KOMMENTAR VON REINHARD WOLFF ZUM URTEIL IM BREIVIK-PROZESS
: Ein zurechnungsfähiger Terrorist

Der rechtsextremen Ecke hätte ein „irrer Breivik“ gut ins Konzept gepasst

Der Prozess hat uns nicht alle Antworten gegeben. Diese Einschätzung, die Inga Bejer Engh, Staatsanwältin im Verfahren gegen den Terroristen Anders Breivik, vor gut zwei Monaten abgab, gilt auch für das am Freitag verkündete Urteil. Mit Nein beantwortet hat das Gericht aber jedenfalls die Frage, ob die schlimmste Bluttat in Norwegen seit Ende des Zweiten Weltkriegs auf das Konto eines psychisch kranken und damit strafrechtlich nicht verantwortlichen Menschen geht.

Das norwegische Rechtswesen würde seine Prüfung nicht bestehen, wenn es sich die Dinge wieder so einfach machen würde wie vor mehr als 60 Jahren, hatten viele Kommentare vorab gewarnt. Damals hatte man nicht nur den Nationaldichter Knut Hamsun, sondern auch für Judendeportationen verantwortliche norwegische Politiker kurzerhand für psychisch krank erklärt und sich damit vor einer wirklichen Aufarbeitung der Nazikollaboration gedrückt. Sollte sich Norwegen auch jetzt also hinter der Psychiatrie verstecken, statt sich der Erkenntnis zu stellen, dass der Massenmörder eben in diesem Land, in dieser Zeit, in diesem Umfeld aufgewachsen war?

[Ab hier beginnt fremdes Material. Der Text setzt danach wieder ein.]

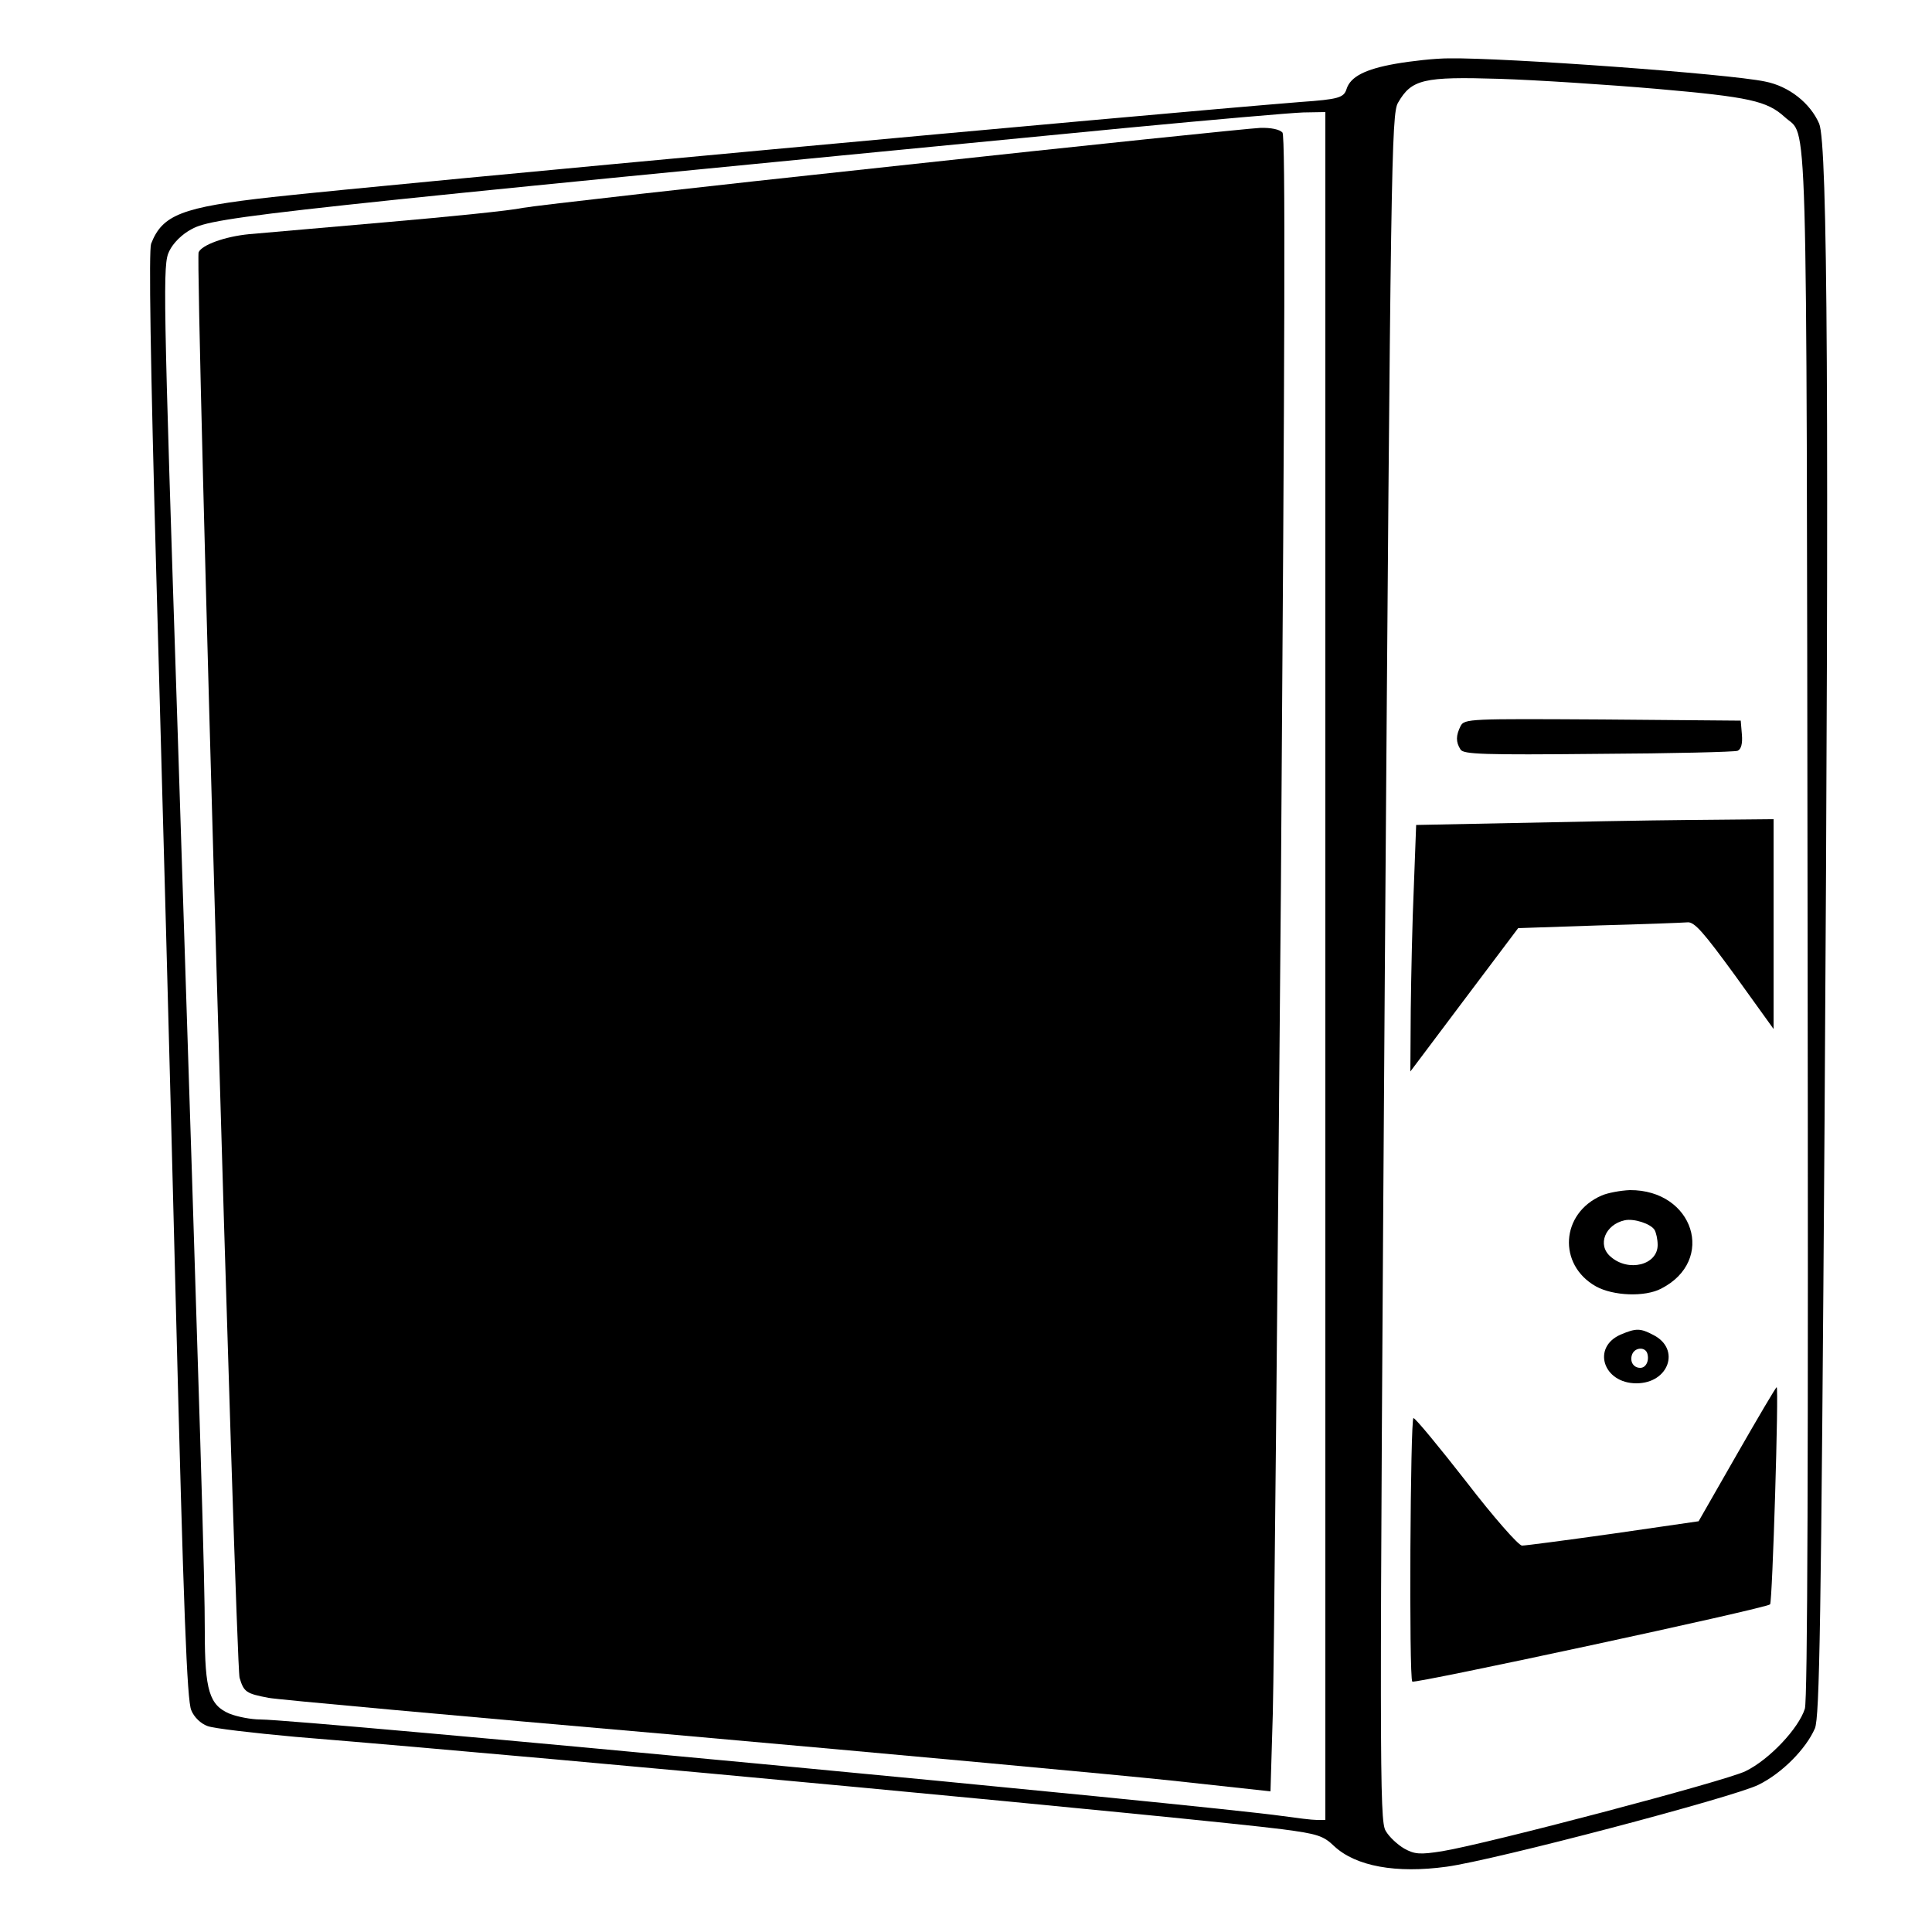 <?xml version="1.0" standalone="no"?>
<!DOCTYPE svg PUBLIC "-//W3C//DTD SVG 20010904//EN"
 "http://www.w3.org/TR/2001/REC-SVG-20010904/DTD/svg10.dtd">
<svg version="1.0" xmlns="http://www.w3.org/2000/svg"
 width="500pt" height="500pt" viewBox="0 0 500 500"
 preserveAspectRatio="xMidYMid meet">

<g transform="translate(0,500) scale(0.1,-0.1)"
fill="#000000" stroke="none">
<path d="M3612 4835 c-80 -14 -117 -34 -127 -65 -7 -23 -21 -27 -120 -34 -398
-32 -2351 -212 -2660 -246 -235 -26 -285 -46 -314 -121 -6 -18 -2 -297 14
-875 13 -467 36 -1308 50 -1869 20 -793 29 -1027 40 -1051 7 -18 25 -35 42
-41 15 -6 118 -18 228 -28 722 -59 2332 -211 2553 -239 92 -12 107 -17 135
-44 56 -52 160 -71 291 -53 124 17 743 180 807 212 61 30 123 93 146 146 12
30 16 264 25 1577 12 1838 8 2524 -14 2576 -23 53 -78 97 -140 109 -94 20
-673 62 -818 60 -36 0 -98 -7 -138 -14z m676 -65 c239 -21 285 -31 331 -73 60
-56 56 98 59 -2087 2 -1410 0 -2006 -7 -2032 -16 -51 -92 -132 -154 -162 -54
-26 -669 -188 -785 -207 -57 -9 -71 -8 -98 7 -17 10 -39 30 -48 46 -16 26 -16
175 -2 2234 15 2084 17 2209 34 2238 35 61 66 68 262 62 96 -3 280 -15 408
-26z m-858 -2270 l0 -2210 -22 0 c-13 0 -52 5 -88 10 -202 29 -2543 250 -2646
250 -24 0 -60 7 -80 15 -52 22 -64 60 -64 212 0 136 -9 443 -70 2323 -38 1158
-39 1216 -22 1250 10 21 33 44 58 57 57 32 207 48 2419 262 220 21 426 39 458
40 l57 1 0 -2210z"/>
<path d="M3780 3121 c-12 -24 -13 -41 0 -61 8 -12 58 -14 356 -11 191 1 354 5
361 8 9 4 13 18 11 42 l-3 36 -357 3 c-345 2 -358 2 -368 -17z"/>
<path d="M3915 2870 l-250 -5 -6 -160 c-4 -88 -7 -232 -8 -319 l-1 -159 139
185 140 186 208 7 c114 3 218 7 230 8 18 2 42 -26 123 -137 l100 -139 0 271 0
272 -212 -2 c-117 -1 -325 -5 -463 -8z"/>
<path d="M4145 1906 c-106 -46 -114 -179 -15 -235 45 -25 127 -28 169 -6 143
73 84 256 -81 255 -24 -1 -57 -7 -73 -14z m137 -89 c4 -7 8 -24 8 -39 0 -52
-76 -71 -122 -30 -35 30 -14 83 37 94 24 5 67 -9 77 -25z"/>
<path d="M4194 1546 c-75 -33 -45 -126 41 -126 84 0 115 89 44 125 -34 18 -45
18 -85 1z m69 -48 c6 -19 -3 -38 -18 -38 -18 0 -28 17 -21 35 7 18 33 20 39 3z"/>
<path d="M4495 1236 l-99 -173 -221 -32 c-121 -17 -227 -31 -236 -31 -9 0 -74
74 -144 165 -71 91 -132 165 -137 165 -8 0 -12 -673 -3 -682 6 -6 918 190 926
200 6 7 23 562 17 562 -2 0 -48 -78 -103 -174z"/>
<path d="M2313 4570 c-496 -53 -928 -102 -960 -108 -32 -7 -191 -23 -353 -37
-162 -14 -322 -28 -355 -31 -63 -6 -123 -28 -131 -47 -9 -23 96 -3652 106
-3689 11 -37 17 -41 75 -52 17 -4 491 -47 1055 -96 564 -50 1140 -103 1281
-118 l257 -28 6 201 c3 110 12 1073 21 2139 10 1413 12 1943 4 1953 -7 8 -30
13 -58 12 -25 -1 -452 -45 -948 -99z"/>
</g>
</svg>

Der rechtsextremen Ecke, aus deren Gedankengut er sich bediente, hätte ein „irrer Breivik“ ins Konzept gepasst. Groß war beispielsweise die Erleichterung bei der norwegischen Entsprechung des Blogs „Politically Incorrect“, als das erste psychiatrische Gutachten dem Terroristen eine paranoide Schizophrenie bescheinigte. Als „Befreiung“ wurde es dort empfunden, dass „das, was für ein politisches Verbrechen gehalten wurde, in Wirklichkeit Psychiatrie ist“. Nein sagten dazu die RichterInnen.

Ohne die Inspiration durch Islamhasser, ohne ein politisches Klima, in dem Fremdenfeindlichkeit salonfähig geworden war, wäre Breivik nicht zu dem geworden, was er nun ist. In dem Kindermörder, wie ihn einige Medien seit seinem Massaker auf Utøya konsequent nennen, zeigen sich die äußersten Konsequenzen rassistischer Ideologie.

„Einer von uns“ sei Breivik, mahnte die Schriftstellerin Anne Holt kurz nach der Tat: „Made in Norway.“ Und es wäre Verrat an den Opfern des 22. Juli 2011, sagte der Bischof von Oslo, würde sich die norwegische Gesellschaft nicht durchgreifend ändern. Ein Jahr ist seither vergangen, ohne dass sich viel geändert hätte. Höchste Zeit also, damit anzufangen. Das Urteil macht den Weg frei.